Коэвино сидѣлъ рядомъ съ Куско-беемъ и громко хохоталъ, потому что Куско-бей шепталъ ему что-то забавное.. Докторъ радовался и восклицалъ: «А! браво! А! и давно говорилъ, что ты умѣешь веселиться, что ты именно то, что́ у насъ называется чурисъ89! Настоящій янинскій чурисъ!.. Браво!..»
Смиренный Арванитаки и тотъ съ оживленіемъ простиралъ руки къ Бакыръ-Алмазу, который сидѣлъ напротивъ его, и восклицалъ: «Не слѣдуетъ вамъ такъ пристыжать насъ пьющихъ и пить такъ мало… Я донесу на васъ сейчасъ господину Благову…»
Наконецъ Несториди (вѣроятно сознавъ невѣжливость своего утренняго намека о «ложныхъ друзьяхъ» и желая загладить ее) всталъ, поднялъ стаканъ и сказалъ такъ:
— Господинъ Благовъ! Позвольте мнѣ, человѣку нездѣшнему, но который еще нѣсколько мѣсяцевъ тому назадъ въ Загорахъ успѣлъ оцѣнить высокія качества вашего ума и вашей души, поздравить именитыхъ іоаннинскихъ гражданъ, собравшихся здѣсь, на семъ дружескомъ пиру, съ счастливымъ возвращеніемъ вашимъ. Мужественная душа эллина умѣетъ помнить добро, господинъ Благовъ, и наша Іоаннина всегда съ умиленіемъ будетъ вспоминать о томъ, какъ вы въ сопровожденіи здѣсь присутствующихъ коллегъ вашихъ, благородныхъ представителей Австріи и Эллады, взяли на себя трудъ перейти непрочный ледъ здѣшняго озера, на который ничья непривычная нога не дерзала стать, чтобъ отнести убогую пищу и топливо бѣднымъ жителямъ острова.
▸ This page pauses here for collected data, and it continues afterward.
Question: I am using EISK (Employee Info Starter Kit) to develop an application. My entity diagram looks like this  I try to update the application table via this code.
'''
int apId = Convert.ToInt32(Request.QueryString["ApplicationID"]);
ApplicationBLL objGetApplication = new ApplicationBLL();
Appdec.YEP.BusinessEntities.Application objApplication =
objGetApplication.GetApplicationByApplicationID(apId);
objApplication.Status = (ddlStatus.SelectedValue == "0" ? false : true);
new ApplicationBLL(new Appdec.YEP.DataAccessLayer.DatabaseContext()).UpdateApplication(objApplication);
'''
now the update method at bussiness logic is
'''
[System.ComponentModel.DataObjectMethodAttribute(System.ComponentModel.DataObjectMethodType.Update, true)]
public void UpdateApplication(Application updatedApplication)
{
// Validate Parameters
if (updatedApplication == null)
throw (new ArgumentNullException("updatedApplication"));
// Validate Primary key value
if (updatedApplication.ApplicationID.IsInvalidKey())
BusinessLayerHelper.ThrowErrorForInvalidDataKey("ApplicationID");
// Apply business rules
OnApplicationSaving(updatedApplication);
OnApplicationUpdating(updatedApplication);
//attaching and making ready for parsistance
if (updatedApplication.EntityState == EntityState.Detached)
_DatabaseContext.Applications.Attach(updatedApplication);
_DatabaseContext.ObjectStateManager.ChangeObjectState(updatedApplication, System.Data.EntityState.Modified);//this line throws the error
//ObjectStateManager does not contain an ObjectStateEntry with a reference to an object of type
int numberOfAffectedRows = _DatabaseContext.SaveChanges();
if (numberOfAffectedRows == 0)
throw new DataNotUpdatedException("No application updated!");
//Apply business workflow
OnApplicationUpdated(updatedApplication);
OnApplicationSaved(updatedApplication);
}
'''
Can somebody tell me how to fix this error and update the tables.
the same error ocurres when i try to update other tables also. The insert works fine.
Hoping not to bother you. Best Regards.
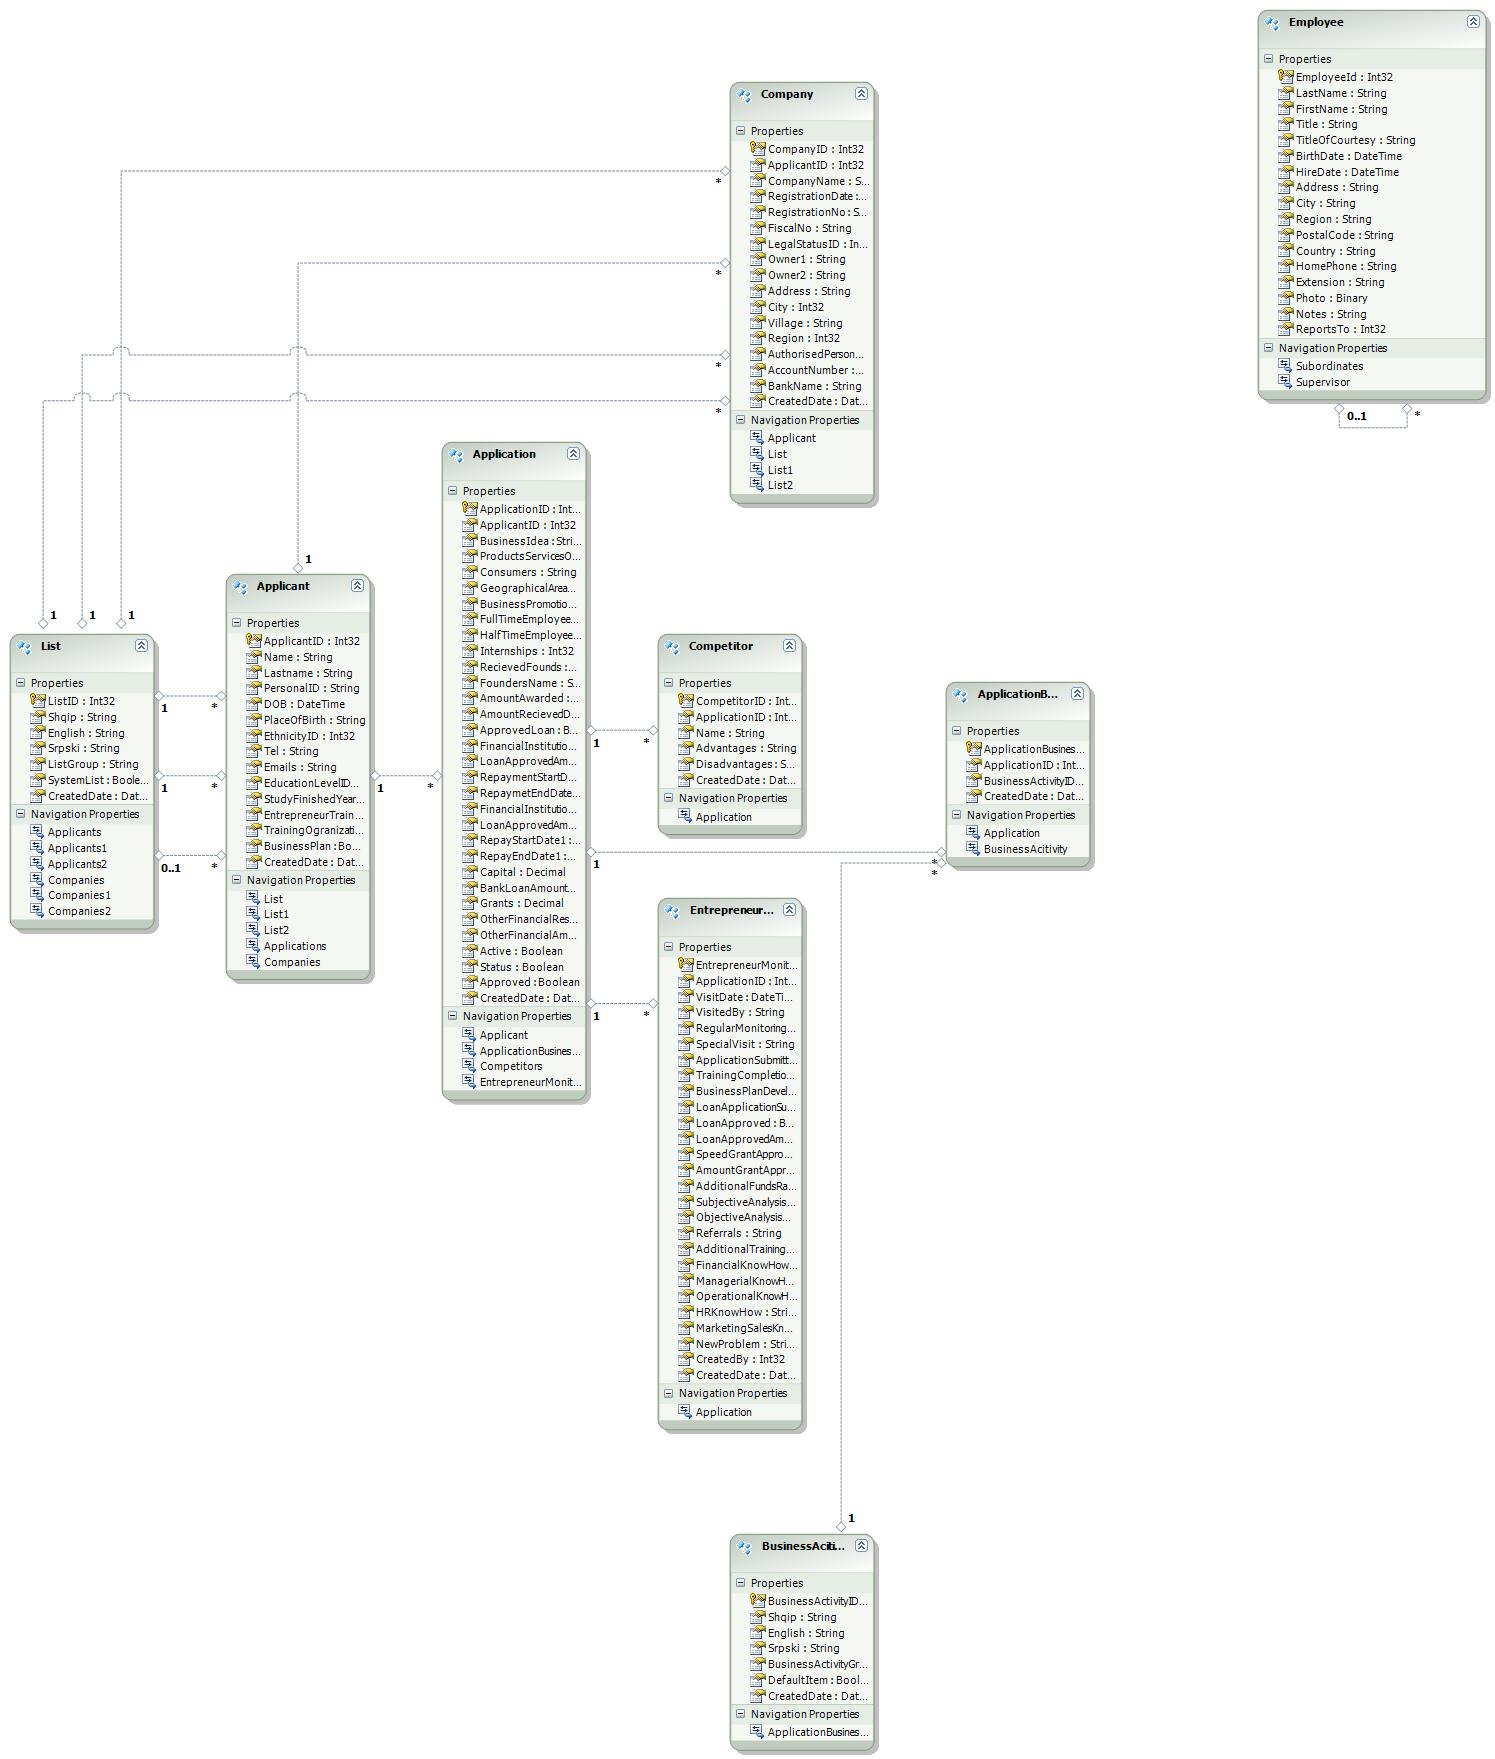
Answer: So it already belongs to a context,and you should update that context.
It can't be attached to new context,
You can create a new instance of updatedApplication and copy all properties of updatedApplication to this new one and attach new entity to application.
Also change
'''
if (newApp .EntityState == EntityState.Detached)
_DatabaseContext.Applications.Attach(newApp );
'''
to
'''
var newApp = Application ();
//Copy all propery of updatedApplication to newApp here
if (newApp .EntityKey == null || newApp .EntityKey.IsTemporary)
{
_DatabaseContext.Applications.AddObject(newApp );
}
else
{
_DatabaseContext.Applications.Attach(newApp );
}
_DatabaseContext.ObjectStateManager.ChangeObjectState(newApp , System.Data.EntityState.Modified);
'''

Будьте увѣрены и вы, благородный амфитріонъ нашъ, и вы, достойно уважаемые представители просвѣщенныхъ и христіанскихъ державъ, что жители Іоаннины не нуждаются въ мраморѣ и рѣзцѣ, дабы изсѣкать на вѣчную память имена своихъ благодѣтелей: имена эти начертаны неизгладимо въ нашихъ признательныхъ сердцахъ!.. Zito! Да здравствуютъ представители европейскихъ просвѣщенныхъ державъ, удостоившіе насъ чести пировать съ нами здѣсь… Zito!!!